Because mostly you would want to have a category name in the URL for SEO-purposes, but when there is more than one category, you should come op with something to prevent duplicate content.
It’s almost impossible to make multiple pages about the same product that distinct that you won’t risk a penalty, and you always remain with the problem of PR spread over multiple pages.
One option is to have a ‘main category’ for every article, where it will be linked.
In my opinion a good solution, but you should make sure a visitor is able to navigate on easily when he dropped in from a different category.
And you could also discuss whether you should always link directly to the right URL, or would want to have a 301-redirect pointing to the article from the selected ‘not-main’ category.
Thx Tracey, I fixed your first link as well ;)
Whoops – Cheers!
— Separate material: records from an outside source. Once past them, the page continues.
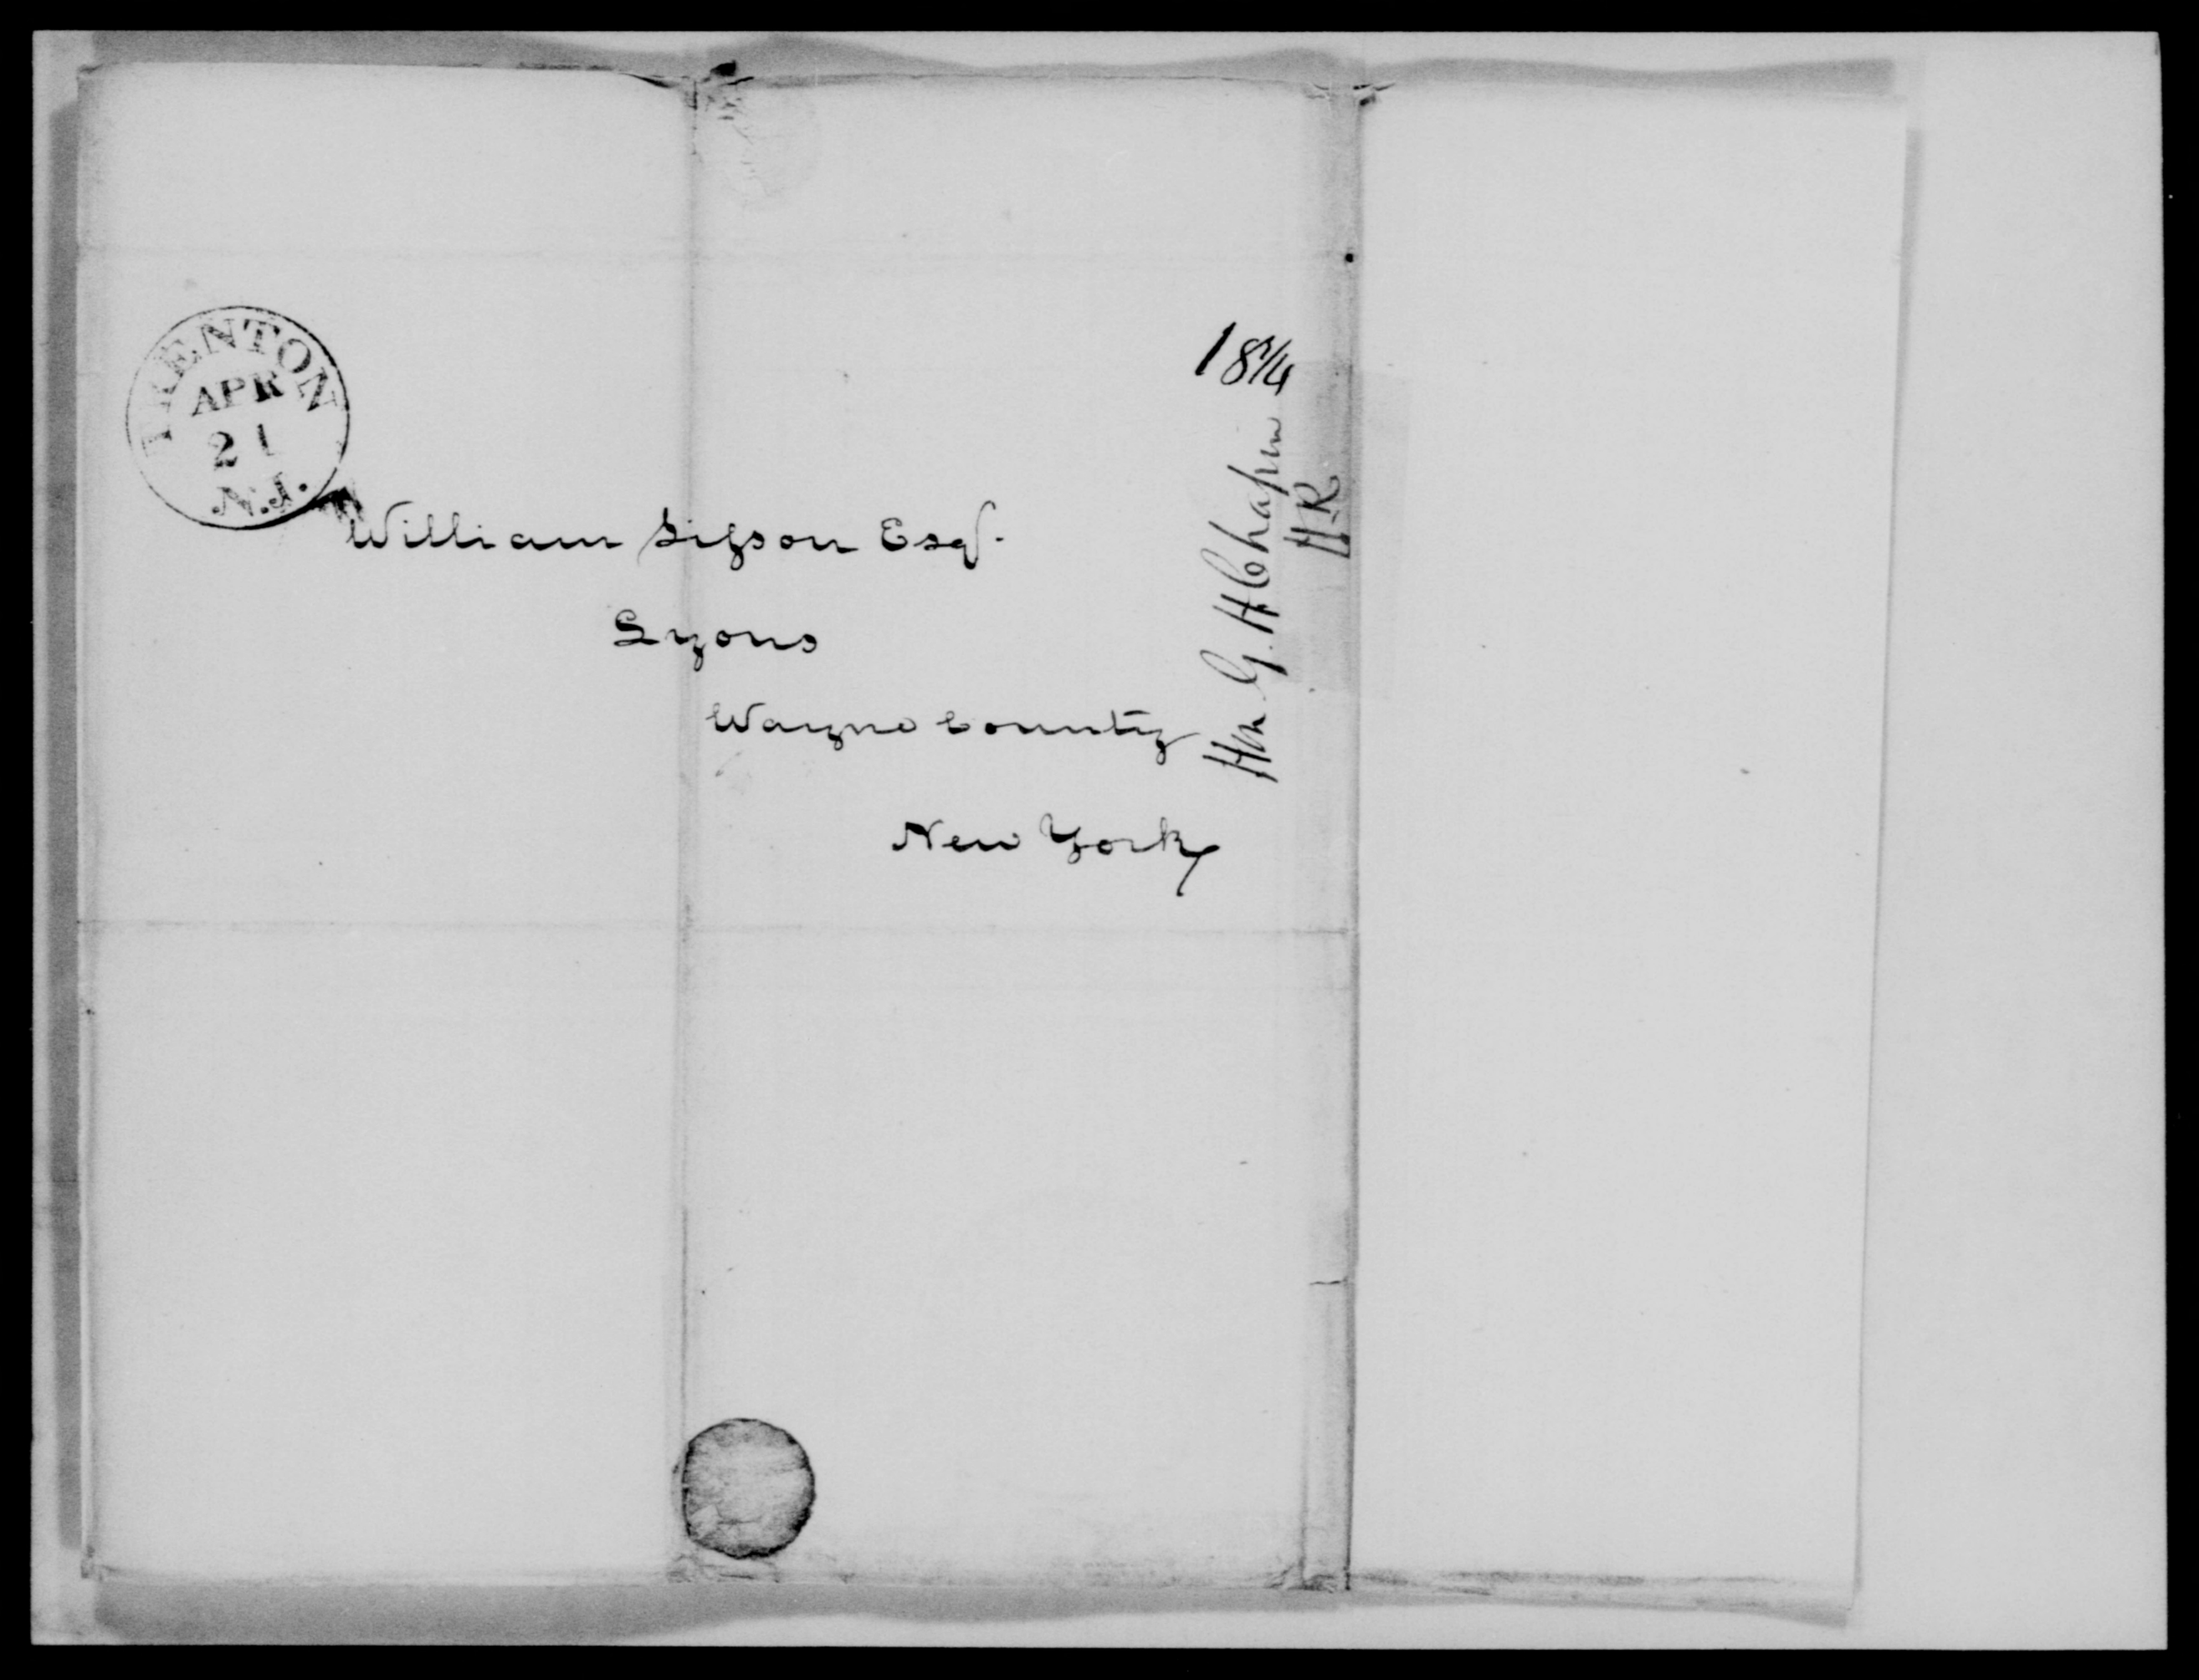[Envelope]
[seal - Trenton N. J. April 21]

William Gibson, Esquire
Lyons
Wayne County
New York

1844
Honorable G. H. Chapin,  H. R.

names: William Sisson, G H Chapin
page: 64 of 66
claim: widow's
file: W. 19588, William Walling, New Jersey

It’s Internet Shopping Carts and SEO – A Small Business Guide
Heey man, your link isent working.
Great article! Good point about the keyword research – it is the first most important step in any seo campaign and there’s lots of tools out there to help. I recently wrote quite a similar article at my blog: and SEO – A Small Business Guide. It covers on-page seo, off-page seo factors and accessibility in SEO.
true, :-)
Well… that really depends… If you’re getting a lot of those, you might want to do something about the cause :)
but i dont think you want bad reviews on your products.
why? you don’t HAVE to moderate it :)
very good idea, but its pretty time-consuming moderating all that. that’s the negative part.
Very true kching, thx :)
When you give customers the ability to give feedback about the product on the product-pages, they can add *unique content* to each page (less dup content)
While 50% seems to be hard, there’s always something to write about usage, an related topics But as you said, it’s not easy and time consuming. Ghost writers are a good option if you hate the job :)
Another rule I’ve learned is that each page need at least 2 incoming links (from other pages in your site)
How is this measured, by source code?
Well… If you use more than 50% of a page on code, you’re obviously doing something wrong :)
But 50% seems hard.
in my websites the header, navigation (login categories search) and footer are allways standard.
Dave: keeping your unique content to boilerplate/template ratio good is indeed an important point!
This might help too :
When using templates for your pages (same navigation, header,fotter,etc) be sure that every page has enough unique content (about 50% min.) on it to avoid the duplicate content problem.
woow, nice article. great checklist. especially step 3, most clients forget it, they come with dificult product names.